Marketers add the genre now slots in as a fill-in ace on the rollout map. The genre can kick off on open real estate, provide a quick sell for promo reels and shorts, and outstrip with audiences that respond on advance nights and keep coming through the follow-up frame if the movie hits. Coming out of a strike-driven backlog, the 2026 mapping telegraphs trust in that equation. The slate opens with a thick January block, then plants flags in spring and early summer for genre counterpoints, while leaving room for a fall corridor that carries into holiday-adjacent weekends and into post-Halloween. The grid also includes the tightening integration of arthouse labels and SVOD players that can stage a platform run, spark evangelism, and broaden at the optimal moment.

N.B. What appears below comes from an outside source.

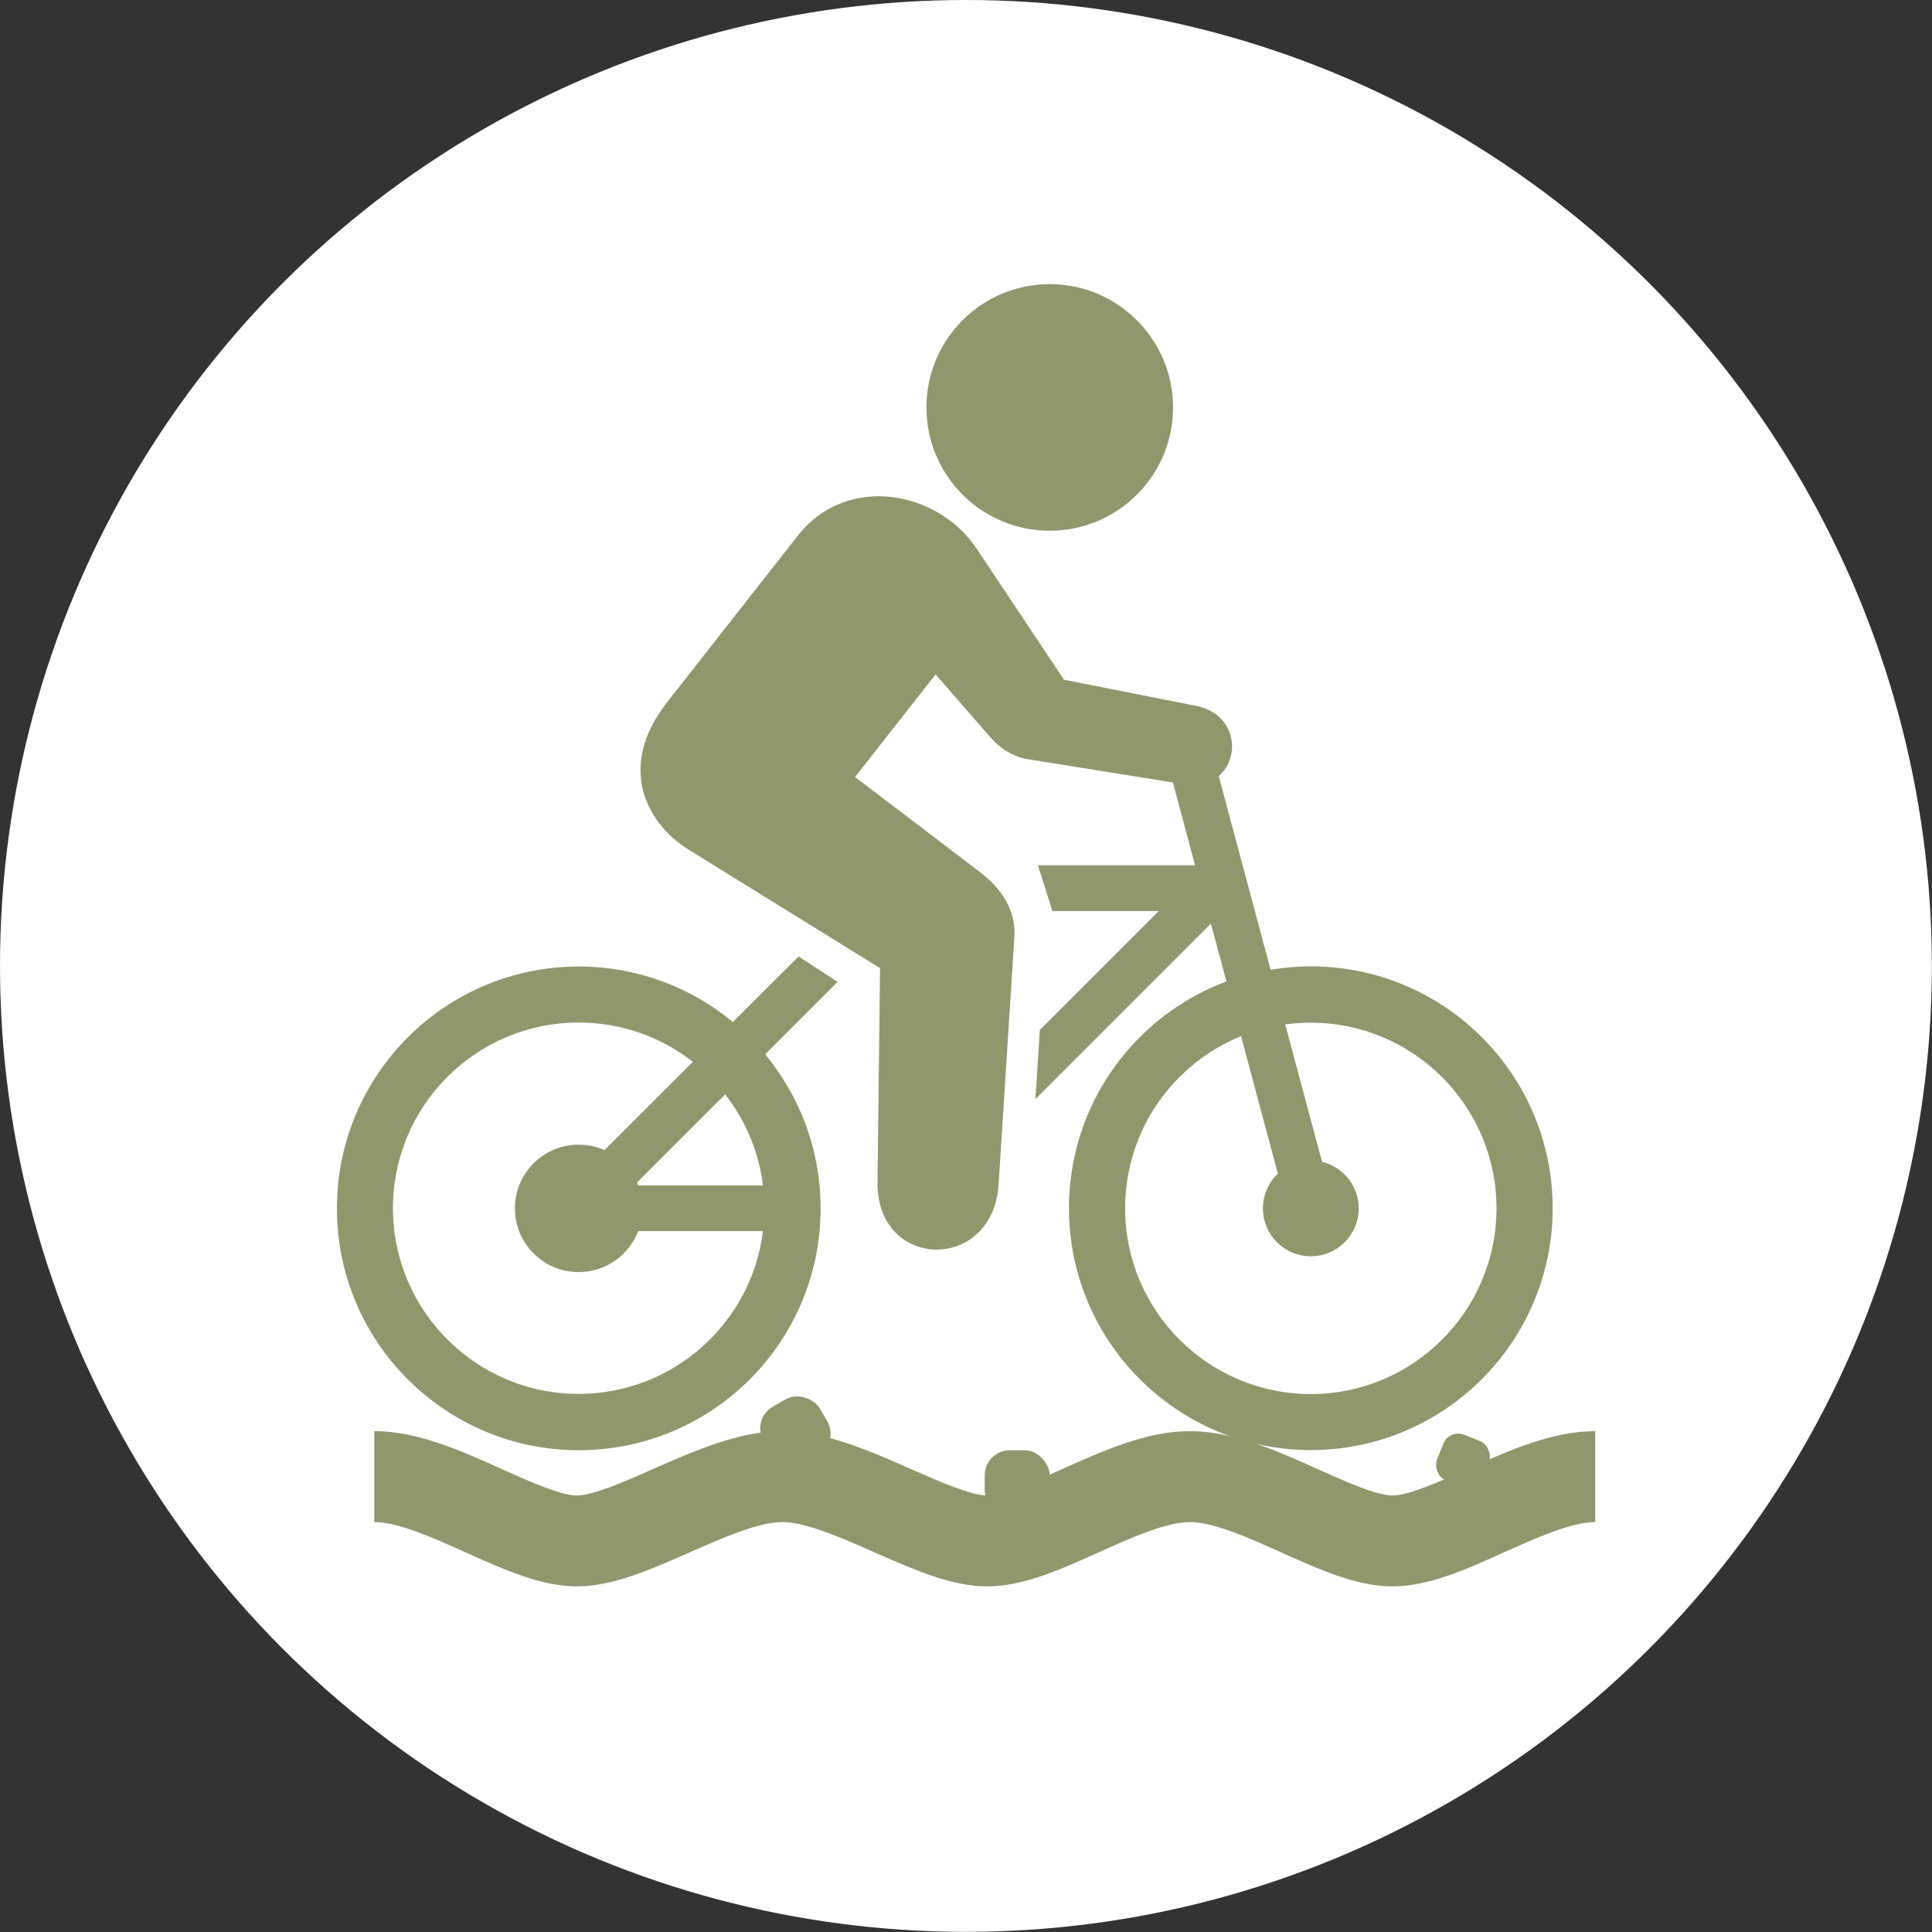 <?xml version="1.0" encoding="UTF-8"?><svg id="Layer_2" xmlns="http://www.w3.org/2000/svg" viewBox="0 0 130.69 130.69"><rect x="0" y="0" width="130.69" height="130.69" fill="#333333" stroke="none"/><defs><style>.cls-1{fill-rule:evenodd;}.cls-1,.cls-2{fill:#91976d;}.cls-3{fill:#fff;}</style></defs><g id="Layer_1-2"><circle class="cls-3" cx="65.34" cy="65.34" r="65.34"/><path class="cls-1" d="M71.01,19.22c4.6,0,8.34,3.73,8.34,8.34s-3.73,8.34-8.34,8.34-8.34-3.73-8.34-8.34,3.73-8.34,8.34-8.34h0ZM70.33,69.68l8.05-8.05h-7.19l-.98-3.1h10.63l-1.5-5.6-9.8-1.57c-1-.16-1.88-.72-2.56-1.5l-3.69-4.24-5.45,6.94,8.45,6.43c1.39,1.06,2.44,2.53,2.33,4.37l-1.07,16.76c-.38,5.98-8.27,5.83-8.19-.16l.17-14.47-12.94-8.01c-2.81-1.74-4.94-5.56-1.44-10.01l8.83-11.25c3.28-4.18,9.45-3.06,12.08.89l5.91,8.87,8.94,1.77c2.73.54,3.04,3.47,1.53,4.75l3.51,13.1c.88-.15,1.79-.23,2.72-.23,9.04,0,16.36,7.33,16.36,16.36s-7.33,16.36-16.36,16.36-16.36-7.33-16.36-16.36c0-7.03,4.43-13.02,10.65-15.34l-1.05-3.91-11.87,11.87.3-4.68h0ZM86.44,79.39l-2.49-9.3c-4.6,1.87-7.84,6.38-7.84,11.65,0,6.94,5.63,12.56,12.56,12.56s12.56-5.63,12.56-12.56-5.63-12.56-12.56-12.56c-.59,0-1.16.04-1.73.12l2.49,9.29c1.42.34,2.48,1.62,2.48,3.15,0,1.79-1.45,3.24-3.24,3.24s-3.24-1.45-3.24-3.24c0-.92.39-1.76,1.01-2.35h0ZM40.9,77.79l5.97-5.96c-2.13-1.67-4.81-2.66-7.73-2.66-6.94,0-12.56,5.63-12.56,12.56s5.63,12.56,12.56,12.56c6.41,0,11.71-4.81,12.47-11.01h-8.44c-.62,1.62-2.19,2.77-4.03,2.77-2.38,0-4.31-1.93-4.31-4.31s1.93-4.31,4.31-4.31c.62,0,1.22.13,1.75.37h0ZM49.58,69.13l4.44-4.43,2.64,1.72-4.9,4.9c2.34,2.83,3.75,6.46,3.75,10.42,0,9.04-7.33,16.36-16.36,16.36s-16.36-7.33-16.36-16.36,7.33-16.36,16.36-16.36c3.96,0,7.6,1.41,10.43,3.76h0ZM49.06,74.02l-5.97,5.97c.03.07.06.13.08.2h8.44c-.28-2.31-1.2-4.42-2.56-6.17h0Z"/><path class="cls-2" d="M94.2,107.31c-2.42,0-4.92-1.12-7.56-2.31-2.13-.96-4.54-2.04-6.15-2.04s-4.02,1.08-6.15,2.04c-2.64,1.19-5.14,2.31-7.56,2.31s-4.94-1.12-7.62-2.3c-2.17-.96-4.64-2.05-6.25-2.05s-4.08,1.09-6.26,2.05c-2.68,1.18-5.21,2.3-7.62,2.3s-4.92-1.12-7.56-2.31c-2.13-.96-4.54-2.04-6.15-2.04v-6.15c2.92,0,5.84,1.31,8.66,2.58,1.85.83,3.94,1.77,5.04,1.77s3.25-.94,5.14-1.78c2.86-1.26,5.83-2.57,8.74-2.57s5.87,1.31,8.74,2.57c1.89.83,4.02,1.78,5.14,1.78s3.2-.94,5.04-1.77c2.83-1.27,5.75-2.58,8.67-2.58s5.84,1.31,8.67,2.58c1.85.83,3.94,1.77,5.04,1.77s3.2-.94,5.04-1.77c2.82-1.27,5.74-2.58,8.67-2.58v6.15c-1.61,0-4.02,1.08-6.15,2.04-2.64,1.19-5.14,2.31-7.56,2.31Z"/><rect class="cls-2" x="66.61" y="98.1" width="4.4" height="4.4" rx="1.7" ry="1.7"/><rect class="cls-2" x="97.31" y="97.15" width="3.33" height="3.33" rx="1.09" ry="1.09" transform="translate(43.72 -29.67) rotate(21.78)"/><rect class="cls-2" x="51.61" y="94.61" width="4.4" height="4.4" rx="1.7" ry="1.7" transform="translate(-41.2 39.88) rotate(-30)"/></g></svg>

A second macro trend is brand management across brand ecosystems and storied titles. The players are not just turning out another return. They are looking to package story carry-over with a marquee sheen, whether that is a graphic identity that telegraphs a new vibe or a casting choice that anchors a new entry to a original cycle. At the concurrently, the filmmakers behind the eagerly awaited originals are celebrating practical craft, on-set effects and vivid settings. That combination gives the 2026 slate a healthy mix of familiarity and discovery, which is a pattern that scales internationally.
Major-player strategies for 2026
Paramount establishes early momentum with two spotlight titles that cover both tonal poles. First comes Scream 7 on February 27, 2026, with Kevin Williamson in the lead and Neve Campbell back at the spine, signaling it as both a cross-generational handoff and a foundation-forward character-focused installment. Cameras are rolling in Atlanta, and the story approach signals a fan-service aware approach without looping the last two entries’ family thread. Plan for a rollout stacked with legacy iconography, first-look character reveals, and a promo sequence timed movies to late fall. Distribution is Paramount in theaters.
Paramount also relaunches a once-mighty spoof franchise with Scary Movie 6 on June 12, 2026, directed by Michael Tiddes. Anna Faris and Regina Hall are back on screen, with the Wayans brothers involved creatively for the first time since the early 2000s, a angle the campaign will spotlight. As a summer counter-slot, this one will go after wide buzz through share-ready beats, with the horror spoof format making room for quick updates to whatever defines genre chatter that spring.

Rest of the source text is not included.